To be honest I'm not sure how quickly we'll have that sparse CSV export implemented (or whether you can even read it without adding extra dependencies?).

I'd go ahead and either:

Go the CSV route without supporting sparse data for now. It's a simple check and we can add support later.
Go the ARFF route with liac_arff

jnothman · 2018-02-19T00:25:59Z

Given all the issues with np.genfromtxt, I'd rather steer clear of generic CSV handling.

jnothman · 2018-04-19T07:59:15Z

@amueller can we get someone else to finish this?

amueller · 2018-06-04T17:32:24Z

@jnothman so you suggest adding a dependency on liac_arff? And you wanted to vendor it? Why vendor? @raghavrv had started a cython arff reader but I don't think he finished it. It might be interesting?

jnothman · 2018-06-05T07:44:15Z

I think we need to exploit an existing, tested ARFF reader for sparse and dense. I don't see why we should add a dependency for users, when the package is small. I also would like to see this fetcher in the next release and don't see why we should go to the effort of rolling our own in a first release.

joaquinvanschoren · 2018-06-05T08:19:33Z

@mfeurer: you have been working a lot with/on liac_arff. What is your opinion?

jnothman · 2018-06-14T10:08:02Z

Unless I am much mistaken, I think we can solve this for now with liac-arff, and support the sparse and dense cases seamlessly. As long as we also exploit any typing information provided by openml as metadata, I would think we can make the interface quite stable, and the fact that we're using liac-arff internally will remain an implementation detail. I'm keen to have this finished and released.

mfeurer · 2018-06-14T10:59:53Z

Sorry @joaquinvanschoren I didn't receive an email for this. Could you please let me know about what exactly you want my opinion. A generic answer: arff has a very bad format specification and many undocumented edge-cases. To the best of my knowledge, liac-arff has better support for those than the scipy arff reader, but is also a lot slower. It's not actively developed and I try to devote some time maintaining it. If liac-arff gets broader attention by the usage in scikit-learn this would be amazing. @jnothman do you want to integrate liac-arff the same way you're using joblib?

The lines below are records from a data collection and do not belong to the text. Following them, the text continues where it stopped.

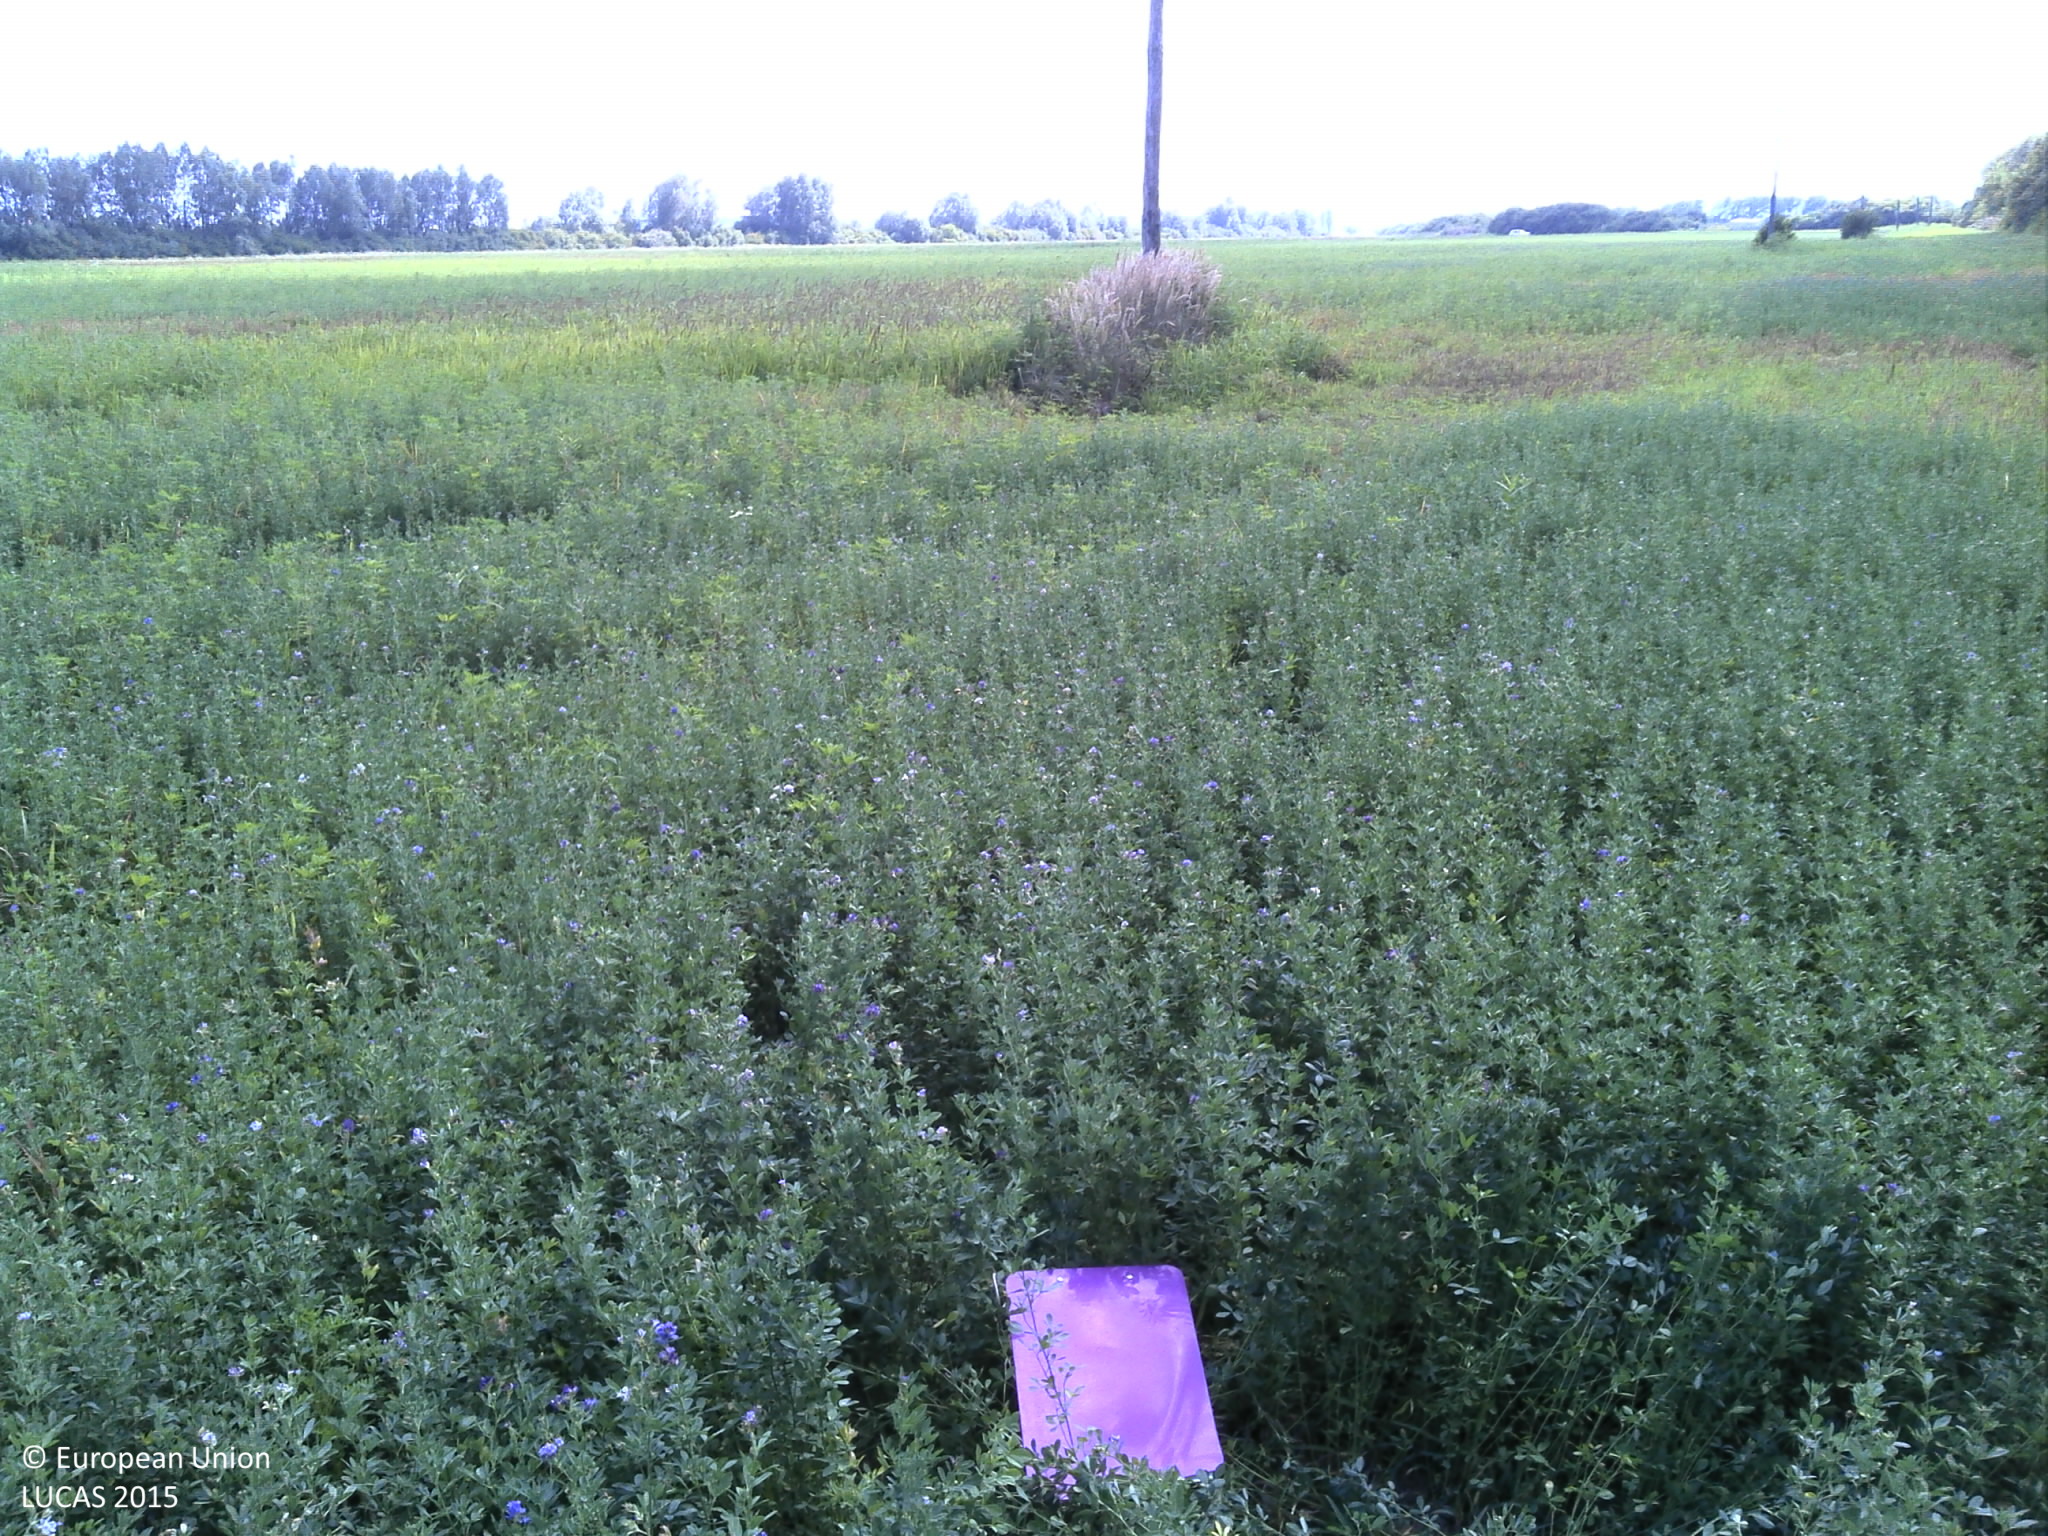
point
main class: Cropland
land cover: Clovers
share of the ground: > 75 %
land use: Agriculture (excluding fallow land and kitchen gardens)
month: August
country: HR
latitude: 45.4857
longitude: 16.4849
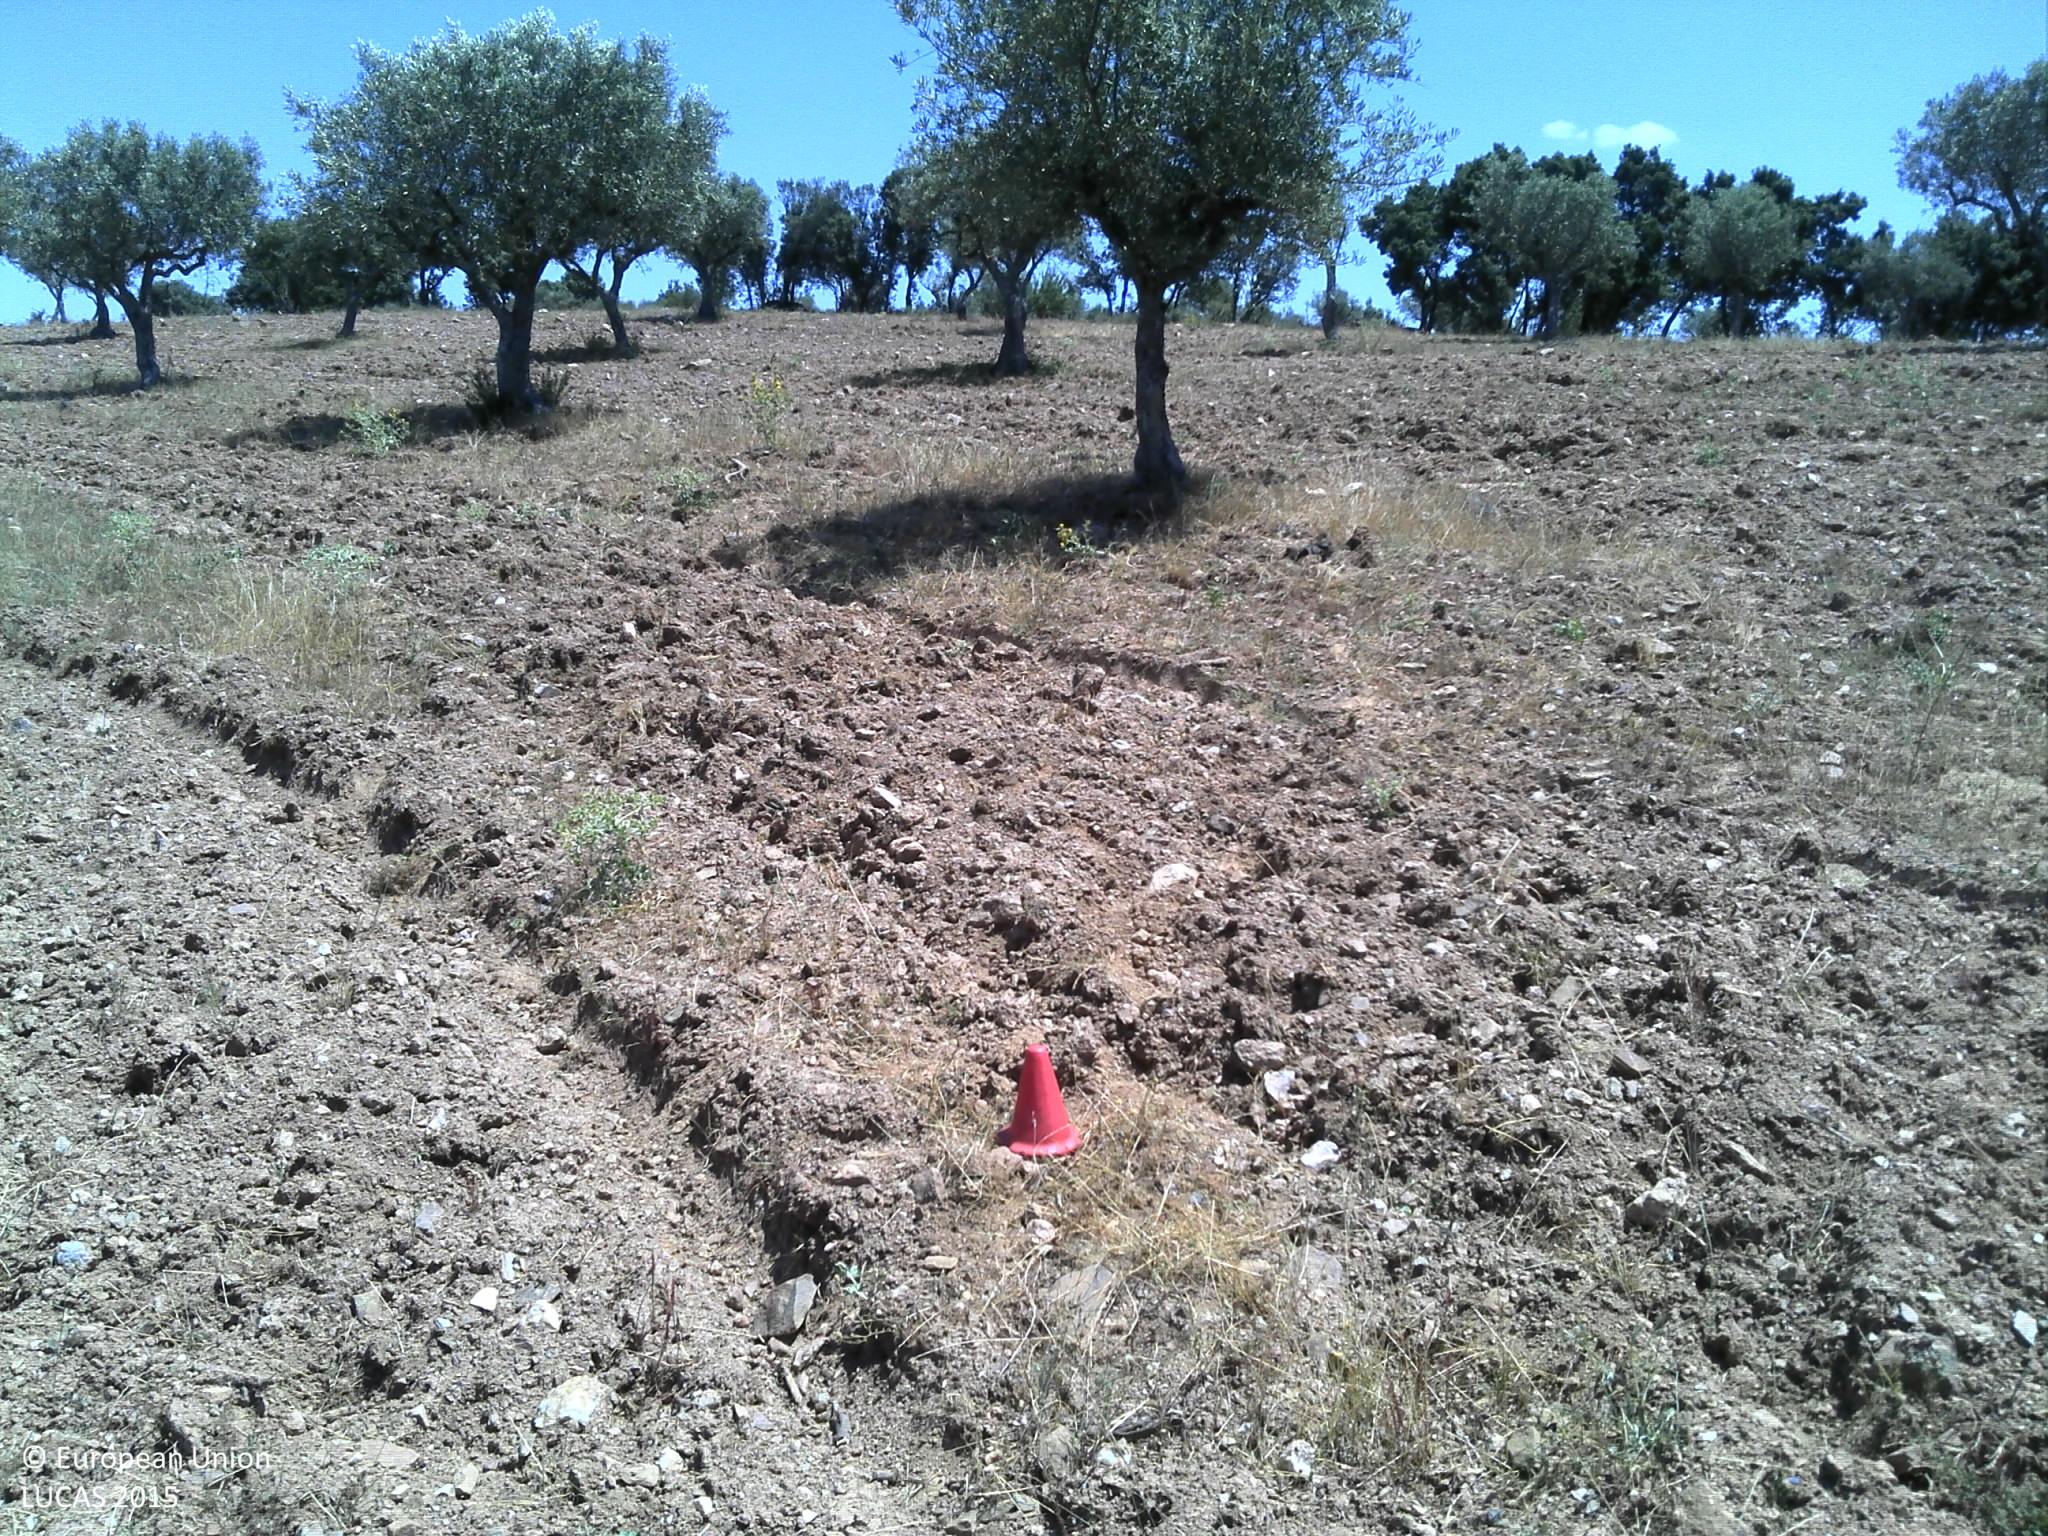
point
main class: Cropland
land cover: Olive groves
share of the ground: 10 - 25 %
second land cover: Other bare soil
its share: > 75 %
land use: Agriculture (excluding fallow land and kitchen gardens)
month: June
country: PT
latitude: 40.8395
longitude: -6.9803

jnothman · 2018-06-14T12:33:54Z

that's my suggestion. openml seems to be relying on arff, at least for now. I think liac-arff is our best shot.

jorisvandenbossche · 2018-06-14T12:59:48Z

It was probably discussed above, but why not simply downloading and reading in the csv file?

jorisvandenbossche · 2018-06-14T13:00:40Z

Ah, OK, reading myself :-) So the problem for that are the sparse datasets.

jnothman · 2018-06-14T13:18:41Z

The problem with supporting CSV even in the dense case is that np.genfromtxt is troublesome, and we regard pd.read_csv a forbidden dependency.

jorisvandenbossche · 2018-06-14T13:35:54Z

Regardless of how it is read in, IMO not returning pandas DataFrames for the dense datasets from this functionality would also make it a lot less functional ... (but that's probably for another discussion ;-))

jorisvandenbossche · 2018-06-14T14:09:49Z

BTW, I wanted to give this another try (although it will probably needed to be reworked quite a bit to use liac-arff), but the current version clearly has a bug in that it simply drops non-numeric columns in the .data array.
For example with mice = fetch_openml('miceprotein', version=4), mice.data is missing 4 columns (and there are 4 nominal features).

One of the problems with returning an object array in case of mixed dtypes, is that if you then simply convert it to a dataframe with pd.DataFrame(mice.data, columns=mice.feature_names), you still have object dtype. Eg:

In [24]: pd.DataFrame(np.array([[1, 'a'], [2, 'b']], dtype=object)).dtypes
Out[24]: 
0    object
1    object
dtype: object

You then would need to do .infer_objects() to convert the numerical features to actual numerical columns, which is a bit annoying that the user needs to do this (and also inefficient).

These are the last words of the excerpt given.